I need rust code to read lines of a file, and break them into an array of slices. The working code is

use std::io::{self, BufRead};

fn main() {
    let stdin = io::stdin();
    let mut f = stdin.lock();
    let mut line : Vec<u8> = Vec::new();

    loop {
       line.clear();
       let sz = f.read_until(b'\n', &mut line).unwrap();
       if sz == 0 {break};
       let body : Vec<&[u8]> = line.split(|ch| *ch == b'\t').collect();
       DoStuff(body);
    }
}

However, that code is slower than I'd like. The code I want to write is

use std::io::{self, BufRead};

fn main() {
    let stdin = io::stdin();
    let mut f = stdin.lock();
    let mut line : Vec<u8> = Vec::new();
    let mut body: Vec<&[u8]> = Vec::new();

    loop {
       line.clear();
       let sz = f.read_until(b'\n', &mut line).unwrap();
       if sz == 0 {break};
       body.extend(&mut line.split(|ch| *ch == b'\t'));
       DoStuff(body);
       body.clear();
    }
}

but that runs afoul of the borrow checker.
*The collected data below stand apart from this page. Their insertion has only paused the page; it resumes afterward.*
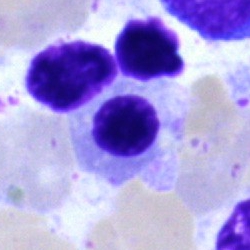

Q: What is shown here?
A: It is an erythroblast.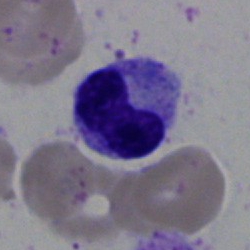

Morphology — neutrophil (band).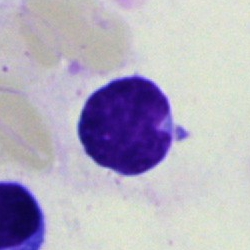A typical lymphocyte.
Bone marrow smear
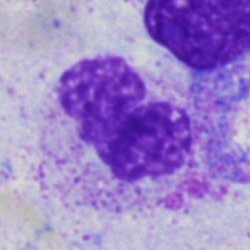Cell — band neutrophil.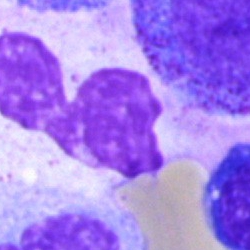 {"cell_type": "neutrophil (segmented)"}
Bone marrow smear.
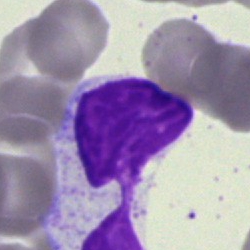

Morphology — artefact.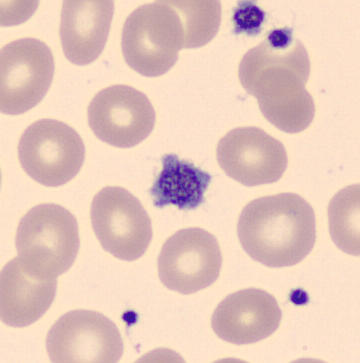 Preparation: Peripheral blood film. This is a thrombocyte.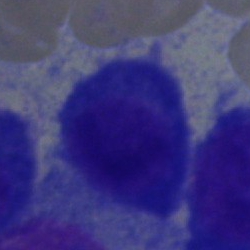A plasmacyte.
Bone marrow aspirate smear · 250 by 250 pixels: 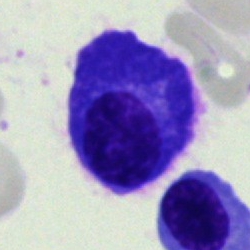
Q: What is shown here?
A: Plasmacyte.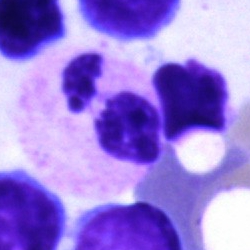 The cell type is segmented neutrophil.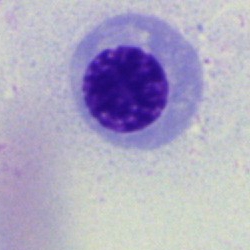
The classification is erythroblast.
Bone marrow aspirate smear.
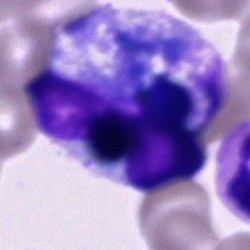

Specimen: bone marrow aspirate smear.
Cell: artefact.
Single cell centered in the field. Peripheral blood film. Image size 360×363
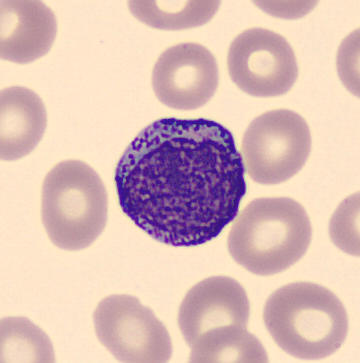

Specimen: peripheral blood smear.
Cell: promyelocyte.
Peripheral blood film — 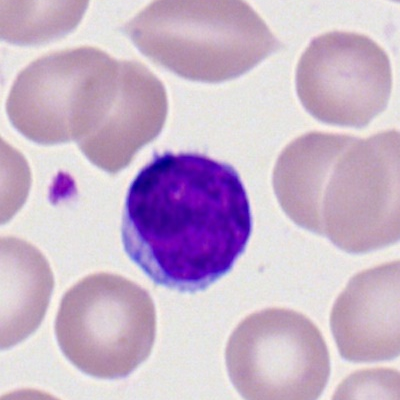 Cell — typical lymphocyte.
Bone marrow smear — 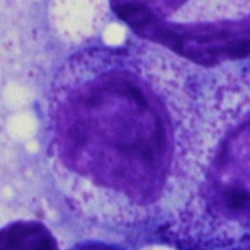 Impression — myelocyte.
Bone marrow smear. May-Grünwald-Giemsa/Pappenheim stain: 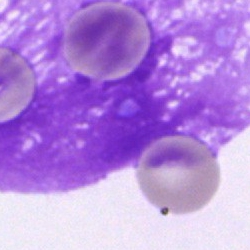
The cell type is artifact.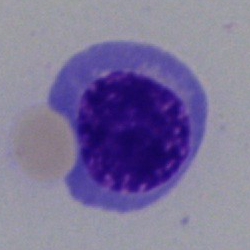
Q: What is the morphological classification of this cell?
A: Normoblast.
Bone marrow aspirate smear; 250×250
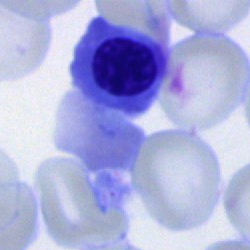
This is a nucleated red blood cell.
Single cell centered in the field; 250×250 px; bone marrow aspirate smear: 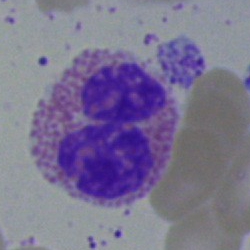

The cell shown is an eosinophil.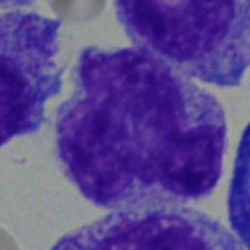

The classification is monocyte.
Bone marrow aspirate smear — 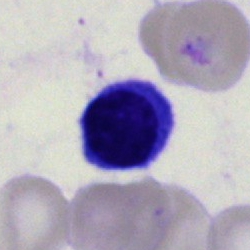

This is a typical lymphocyte.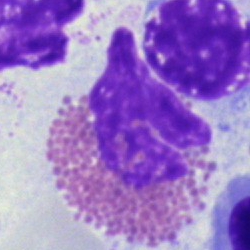
{"cell_type": "eosinophil"}
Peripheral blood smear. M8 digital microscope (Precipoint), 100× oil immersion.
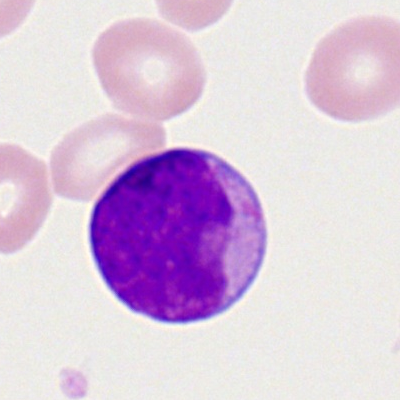 Morphological class — myeloblast.
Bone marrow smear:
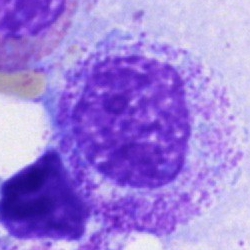

Q: What type of cell is this?
A: Promyelocyte.
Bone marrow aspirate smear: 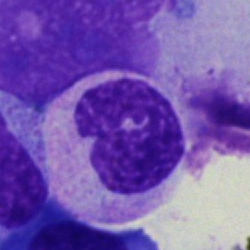 Morphology consistent with a polymorphonuclear neutrophil.

In general, I'd like a class containing a Vec<u8> and an associated Vec<&[u8]>, which is the basis of a lot of C++ code I'm trying to replace.
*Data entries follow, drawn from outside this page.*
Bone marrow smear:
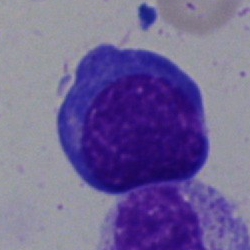
Impression — normoblast.
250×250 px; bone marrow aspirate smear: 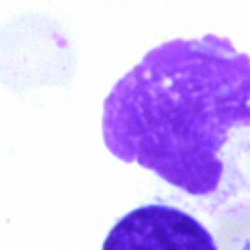Impression → artifact.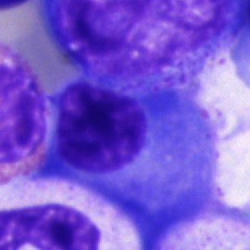

A plasmacyte.
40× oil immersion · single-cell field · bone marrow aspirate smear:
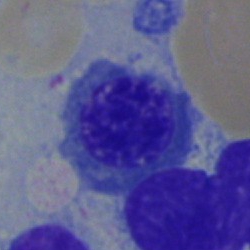Showing a normoblast.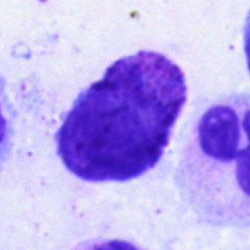 This is a basophil.
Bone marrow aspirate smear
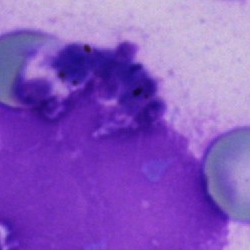 Specimen: bone marrow aspirate smear.
Morphological class: artifact.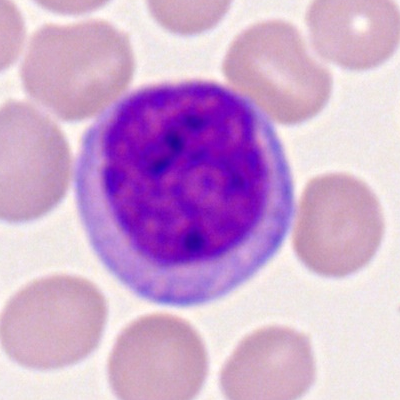

Morphological class: monocyte.
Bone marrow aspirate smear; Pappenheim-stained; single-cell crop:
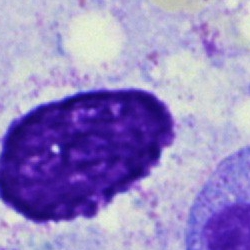Q: What is shown here?
A: Artifact.
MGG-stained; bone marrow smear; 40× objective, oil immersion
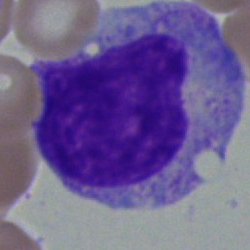
Specimen: bone marrow smear.
Cell: progranulocyte.
Lineage: myeloid.
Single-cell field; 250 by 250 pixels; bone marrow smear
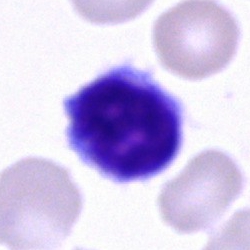
Single cell identified as a lymphocyte.
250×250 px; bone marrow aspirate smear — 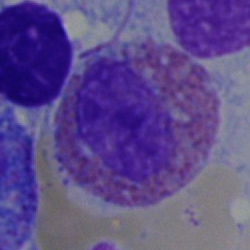
Cell type: eosinophilic granulocyte.
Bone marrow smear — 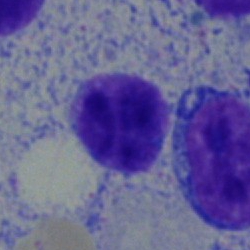 Morphology consistent with a lymphocyte.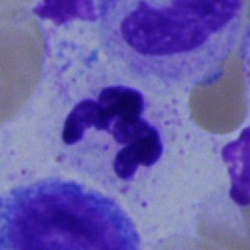

Morphological class: neutrophil (segmented).
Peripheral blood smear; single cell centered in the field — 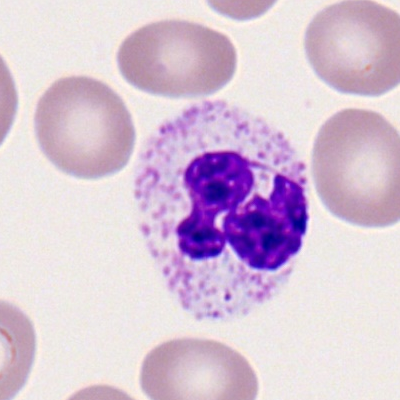

Specimen: peripheral blood film.
Cell type: neutrophil (segmented).

Is there any way I can accomplish this?

I realize that I could replace the slices with pairs of integers, but that seems clumsy.

No, I can't just use the items from the iterator as they come through -- I need random access to the individual column values. In the simplified case where I do use the iterator directly, I get a 3X speedup, which is why I suspect a significant speedup by replacing collect with extend.
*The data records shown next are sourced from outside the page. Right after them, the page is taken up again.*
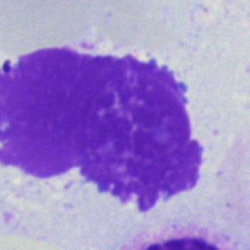
Single cell identified as an artifact.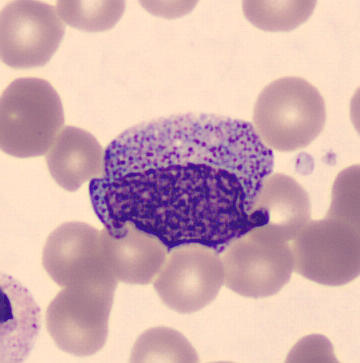

Impression — myelocyte.

Preparation: Peripheral blood smear · MGG stain.
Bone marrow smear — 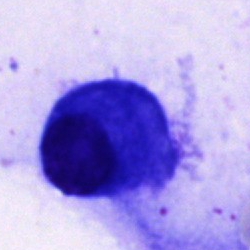Specimen: bone marrow aspirate smear.
Cell type: plasmacyte.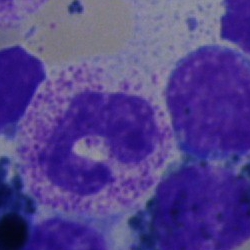

Cell: neutrophil (segmented).
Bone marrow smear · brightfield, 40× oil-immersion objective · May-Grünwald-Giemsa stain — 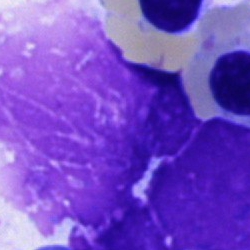Morphological class: artefact.
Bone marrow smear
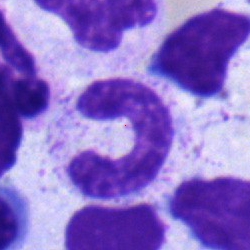
A stab cell.
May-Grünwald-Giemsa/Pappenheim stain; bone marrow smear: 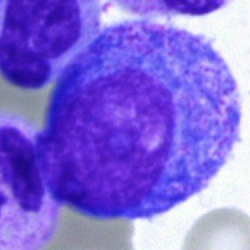 The cell shown is a promyelocyte.

Other comments on this code is also welcome.

2
Can you include the signature for DoStuff? It looks like it currently takes ownership of a Vec<&[u8]>. And is that signature open for changes? Transferring ownership is antithetical to reusing allocations.kmdreko
A signature like &[&[u8]] wouldn't take ownership of the vec.kmdreko
I don't think that would solve the problem with the second example. If you extend body by borrowing into line then body's type is now Vec<&'line [u8]>, but line is mutated with line.clear(). How much slower than the cpp implementation are we talking @Andy? Do you have an upper bound for the number of splits of a line? Does Vec::with_capacity() help? After trying that, I might measure the performance of body.extend(line.split(|ch| *ch == b'\t').map(|v| v as *const [u8])); and see if it really makes much of a differenceflumpb
Sorry that i was sloppy with DoStuff(). It should have just been a comment that some use goes there. DoStuff() is not the issue; the problem is with extend.Andy Jewell
I don't understand how I would use with_capacity -- collect creates the Vec. The C++ is about 2.5X faster, although it's doing a little bit more stuff. When I replace my extend call with your extend(map) call, it tells me the trait std::iter::Extend<*const [u8]> is not implemented for `std::vec::Vec<&[u8]>Andy Jewell

2 Answers

0
votes

Just for sake of completeness, and since you are coming from C++, a more Rusty way of writing the code would be

use std::io::{self, BufRead};

fn do_stuff(body: &[&str]) {}

fn main() {
    for line in io::stdin().lock().lines() {
        let line = line.unwrap();
        let body = line.split('\t').collect::<Vec<_>>();
        do_stuff(&body);
    }
}

This uses .lines() from BufRead to get an iterator over \n-delimited lines from the input. It assumes that your input is actually valid UTF8, which in your code was not a requirement. If it is not UTF8, use .split(b'\n'), .split(b'\t') and &[&u8] instead.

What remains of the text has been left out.